<<<<
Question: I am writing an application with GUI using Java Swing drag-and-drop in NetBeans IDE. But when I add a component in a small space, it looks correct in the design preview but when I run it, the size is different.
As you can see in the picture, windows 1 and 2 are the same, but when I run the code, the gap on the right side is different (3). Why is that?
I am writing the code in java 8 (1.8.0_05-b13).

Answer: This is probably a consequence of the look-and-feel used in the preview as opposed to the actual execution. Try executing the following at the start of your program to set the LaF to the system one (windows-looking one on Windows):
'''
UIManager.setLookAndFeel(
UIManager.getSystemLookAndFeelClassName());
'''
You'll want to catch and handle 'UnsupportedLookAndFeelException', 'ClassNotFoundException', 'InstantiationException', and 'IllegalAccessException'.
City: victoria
>>>>
<<<<
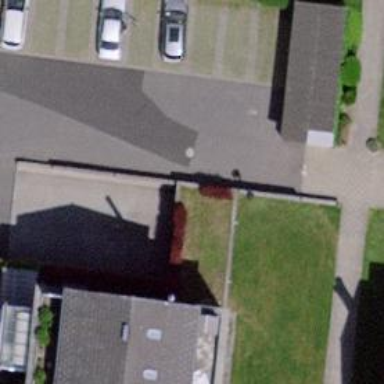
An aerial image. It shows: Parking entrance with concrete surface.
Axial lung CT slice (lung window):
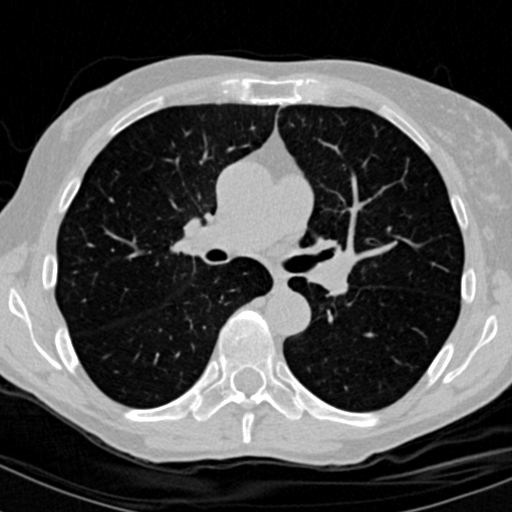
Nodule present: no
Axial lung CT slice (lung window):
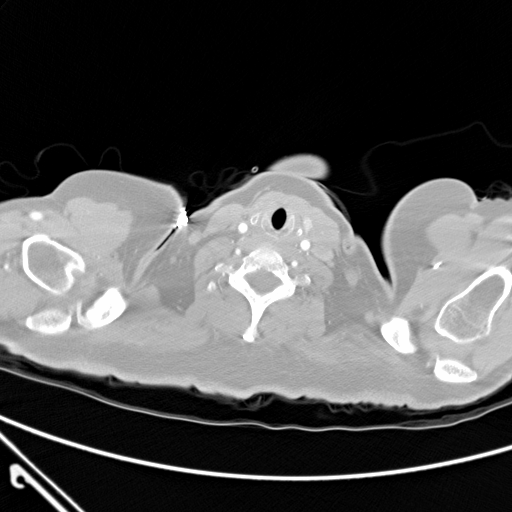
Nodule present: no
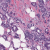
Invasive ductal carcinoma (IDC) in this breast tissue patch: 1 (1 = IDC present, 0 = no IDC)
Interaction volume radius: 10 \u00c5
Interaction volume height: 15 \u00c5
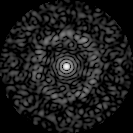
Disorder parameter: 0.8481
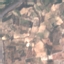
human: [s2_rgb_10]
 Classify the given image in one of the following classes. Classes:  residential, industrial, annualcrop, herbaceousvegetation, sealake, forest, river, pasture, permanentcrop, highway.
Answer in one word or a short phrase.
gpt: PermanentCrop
>>>>
<<<<
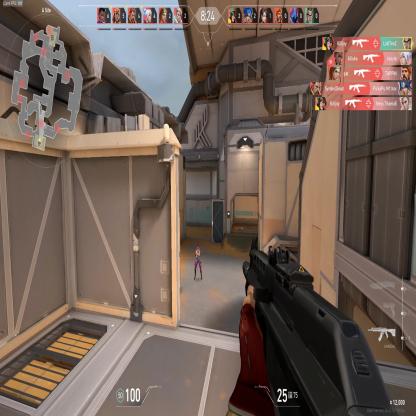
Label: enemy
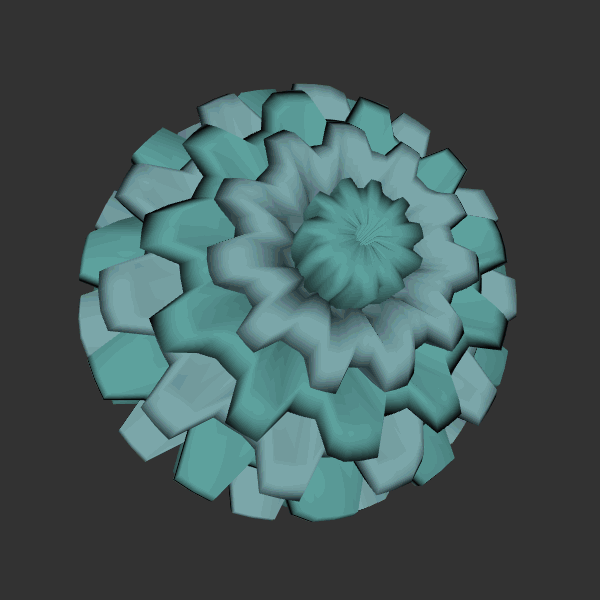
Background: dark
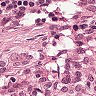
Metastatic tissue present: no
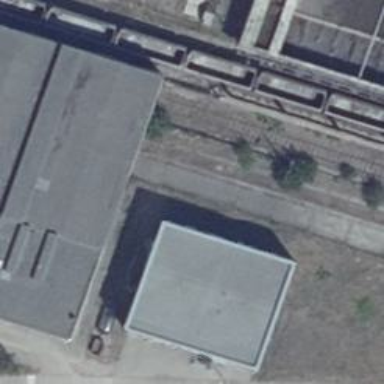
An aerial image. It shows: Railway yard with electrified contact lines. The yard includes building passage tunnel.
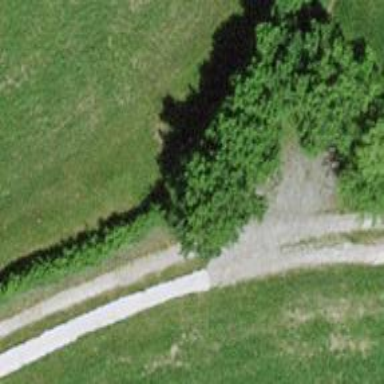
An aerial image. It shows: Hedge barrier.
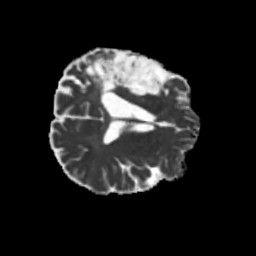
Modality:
>>>>
▶ Work to complete: The lines to set down run from the line with "Invasive ductal carcinoma" up to and including the line with "human: [s2_rgb_10]" in the entries above. Reproduce them exactly, with no pictures.

▶ Task answer:
Invasive ductal carcinoma (IDC) in this breast tissue patch: 1 (1 = IDC present, 0 = no IDC)
Interaction volume radius: 10 \u00c5
Interaction volume height: 15 \u00c5
Disorder parameter: 0.8481
human: [s2_rgb_10]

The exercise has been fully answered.